== STORED DATA ==
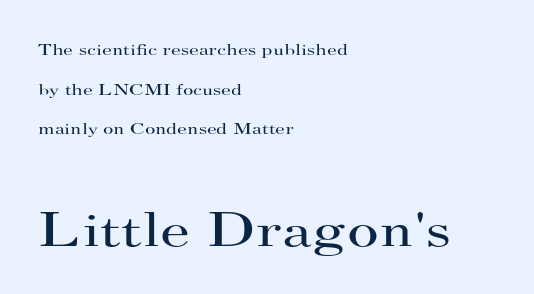
Q: Is the text bold? A: No.
Q: Is the text italic (slanted)? A: No, it is upright.
Q: Is the typeface a serif or a sans-serif typeface? A: Serif.
Q: Is the text underlined? A: No.
Q: How is the paragraph aligned? A: Left-aligned.
Q: Is the spacing between letters normal or unusually wide? A: Normal.
Q: Is the spacing between lines tight, normal or loose? A: Loose.
Q: Which block of text is set in a larger size, the first (top) or the second (bottom)? A: The second (bottom) one.
Q: Width (condensed, normal, or wide)? A: Wide.
Q: Stroke contrast? A: High.
Q: x-height? A: Small.
Q: Monospaced? A: No.

== WORK INSTRUCTIONS ==
Give back the full listing verbatim, skipping each picture.

== WRITTEN RESPONSE ==
Q: Is the text bold? A: No.
Q: Is the text italic (slanted)? A: No, it is upright.
Q: Is the typeface a serif or a sans-serif typeface? A: Serif.
Q: Is the text underlined? A: No.
Q: How is the paragraph aligned? A: Left-aligned.
Q: Is the spacing between letters normal or unusually wide? A: Normal.
Q: Is the spacing between lines tight, normal or loose? A: Loose.
Q: Which block of text is set in a larger size, the first (top) or the second (bottom)? A: The second (bottom) one.
Q: Width (condensed, normal, or wide)? A: Wide.
Q: Stroke contrast? A: High.
Q: x-height? A: Small.
Q: Monospaced? A: No.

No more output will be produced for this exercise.